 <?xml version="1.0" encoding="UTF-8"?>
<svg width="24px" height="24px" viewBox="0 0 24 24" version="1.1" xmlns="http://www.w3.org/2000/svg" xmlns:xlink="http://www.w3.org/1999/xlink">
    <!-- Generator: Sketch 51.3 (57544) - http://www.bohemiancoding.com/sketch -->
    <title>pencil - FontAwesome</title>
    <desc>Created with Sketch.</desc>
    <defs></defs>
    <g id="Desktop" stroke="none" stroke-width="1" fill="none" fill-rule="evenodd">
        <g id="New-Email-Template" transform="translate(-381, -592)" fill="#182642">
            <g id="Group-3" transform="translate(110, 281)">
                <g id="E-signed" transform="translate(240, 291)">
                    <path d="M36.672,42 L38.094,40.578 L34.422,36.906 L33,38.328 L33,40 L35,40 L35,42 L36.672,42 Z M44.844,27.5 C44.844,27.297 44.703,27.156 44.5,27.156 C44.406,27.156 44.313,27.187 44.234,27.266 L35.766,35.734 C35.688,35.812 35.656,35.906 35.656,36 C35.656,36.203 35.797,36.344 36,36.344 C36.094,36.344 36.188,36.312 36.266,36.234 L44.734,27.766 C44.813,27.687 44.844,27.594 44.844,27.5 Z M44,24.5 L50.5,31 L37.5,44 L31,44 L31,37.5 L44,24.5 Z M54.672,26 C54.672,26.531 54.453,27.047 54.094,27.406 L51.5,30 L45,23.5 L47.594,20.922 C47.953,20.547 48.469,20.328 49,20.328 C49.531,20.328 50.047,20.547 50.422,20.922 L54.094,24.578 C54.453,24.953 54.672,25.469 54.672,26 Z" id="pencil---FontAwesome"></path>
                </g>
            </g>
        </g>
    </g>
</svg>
******
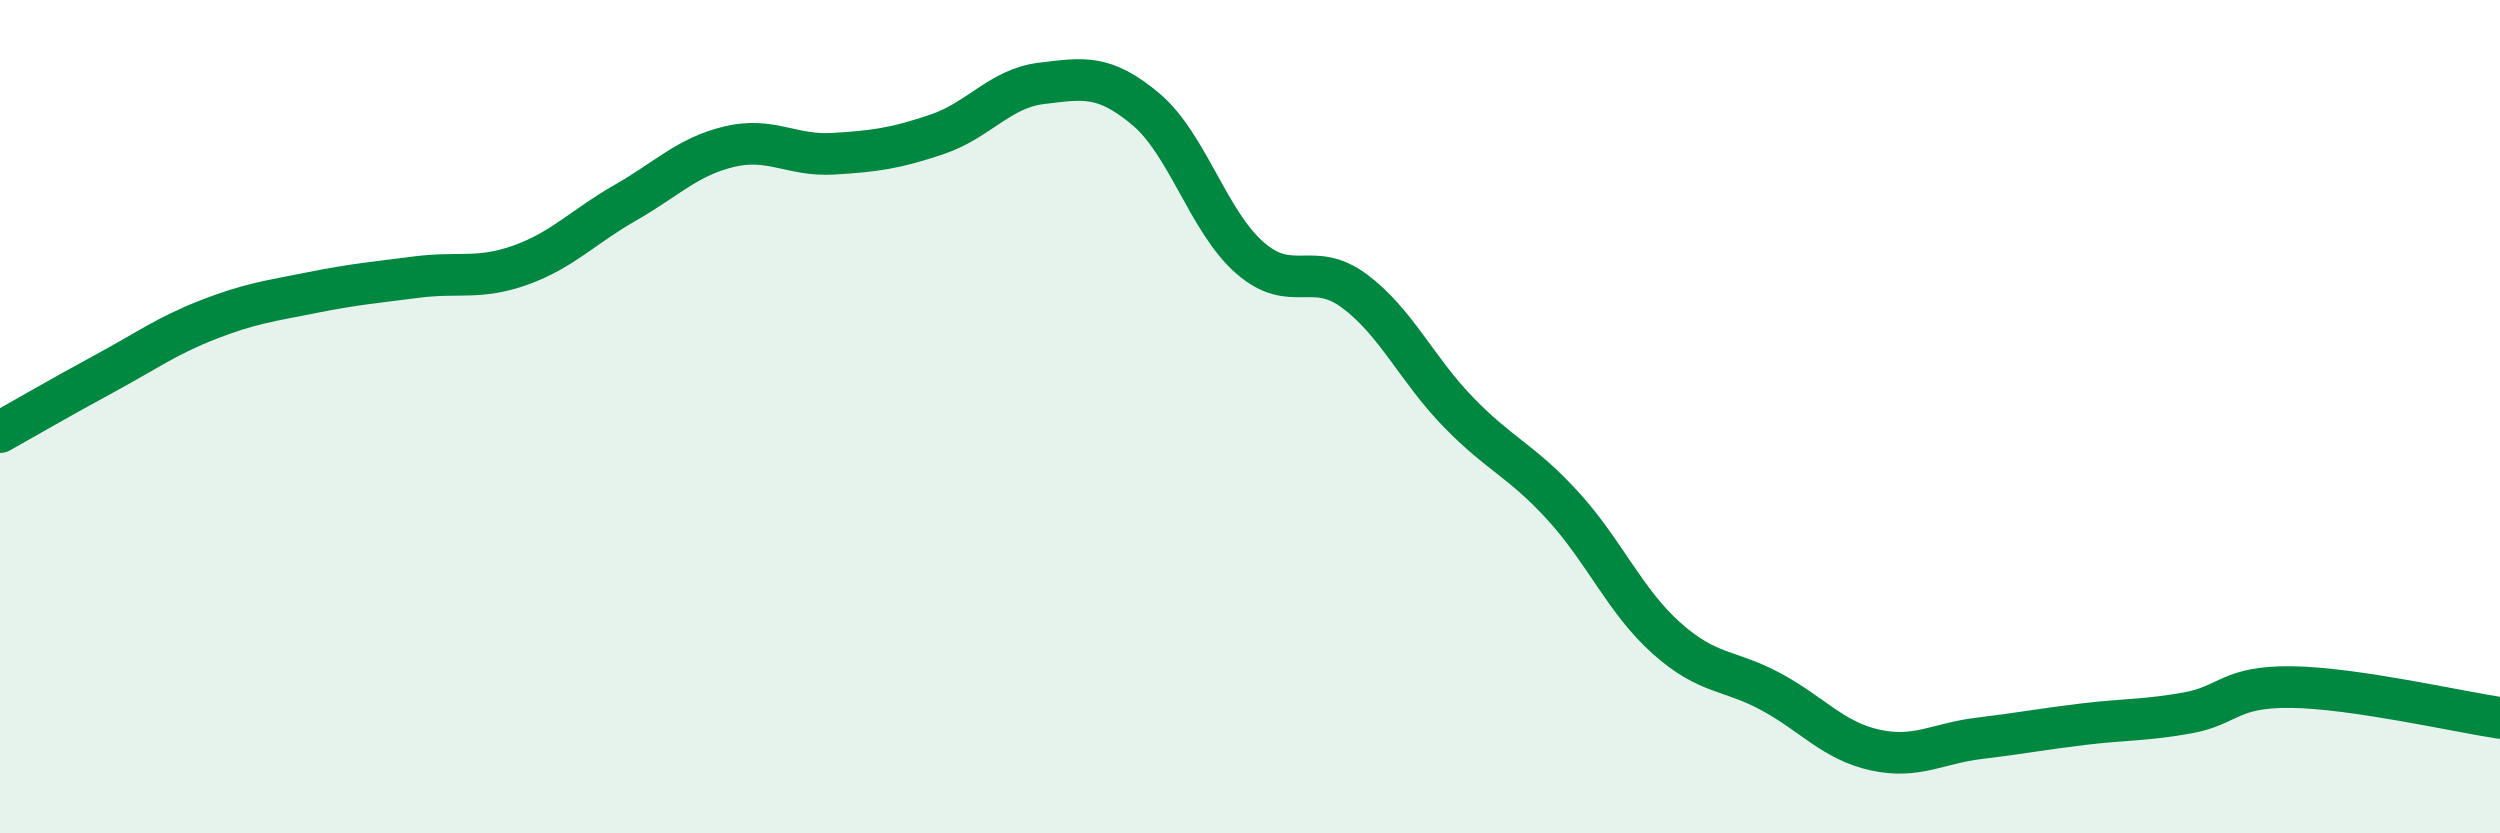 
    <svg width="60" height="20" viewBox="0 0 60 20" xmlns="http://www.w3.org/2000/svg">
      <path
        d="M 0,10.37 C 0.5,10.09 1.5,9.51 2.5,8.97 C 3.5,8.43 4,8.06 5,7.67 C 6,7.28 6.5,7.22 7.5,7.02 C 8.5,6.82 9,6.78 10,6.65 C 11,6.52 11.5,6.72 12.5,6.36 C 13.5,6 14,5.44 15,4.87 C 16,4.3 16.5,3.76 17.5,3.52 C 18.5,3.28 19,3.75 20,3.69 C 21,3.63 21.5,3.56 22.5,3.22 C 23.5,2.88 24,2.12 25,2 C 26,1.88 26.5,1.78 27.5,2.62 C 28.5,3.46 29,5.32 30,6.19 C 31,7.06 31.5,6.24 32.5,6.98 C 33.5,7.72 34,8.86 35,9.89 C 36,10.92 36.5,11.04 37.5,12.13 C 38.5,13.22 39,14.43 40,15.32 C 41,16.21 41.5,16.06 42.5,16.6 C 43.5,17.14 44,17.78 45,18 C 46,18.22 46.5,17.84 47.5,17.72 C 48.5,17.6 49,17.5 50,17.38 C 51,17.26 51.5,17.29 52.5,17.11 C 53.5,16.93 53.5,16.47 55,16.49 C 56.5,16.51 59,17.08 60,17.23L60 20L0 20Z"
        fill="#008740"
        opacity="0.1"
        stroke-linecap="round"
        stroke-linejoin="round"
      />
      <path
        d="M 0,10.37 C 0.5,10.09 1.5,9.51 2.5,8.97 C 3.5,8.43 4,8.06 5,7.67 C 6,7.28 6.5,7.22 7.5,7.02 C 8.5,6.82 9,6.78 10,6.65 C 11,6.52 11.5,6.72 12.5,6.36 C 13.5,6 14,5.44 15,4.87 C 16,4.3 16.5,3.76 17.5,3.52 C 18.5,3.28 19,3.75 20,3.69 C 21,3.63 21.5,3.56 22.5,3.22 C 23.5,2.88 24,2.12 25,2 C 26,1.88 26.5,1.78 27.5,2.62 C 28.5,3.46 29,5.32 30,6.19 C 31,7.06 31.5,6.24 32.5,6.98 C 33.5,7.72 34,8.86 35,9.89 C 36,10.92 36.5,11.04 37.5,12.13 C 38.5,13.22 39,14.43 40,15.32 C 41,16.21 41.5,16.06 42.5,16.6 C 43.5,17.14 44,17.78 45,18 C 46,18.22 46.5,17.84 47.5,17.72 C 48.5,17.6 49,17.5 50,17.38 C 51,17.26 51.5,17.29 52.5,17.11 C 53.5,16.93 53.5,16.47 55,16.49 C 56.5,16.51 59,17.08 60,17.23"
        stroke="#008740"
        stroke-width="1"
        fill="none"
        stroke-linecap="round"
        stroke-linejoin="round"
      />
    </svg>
******
**WHAT NEEDS TO BE DONE:**
From the data above, say how many lines include "version", and write nothing but the number.

**TASK ANSWER:**
2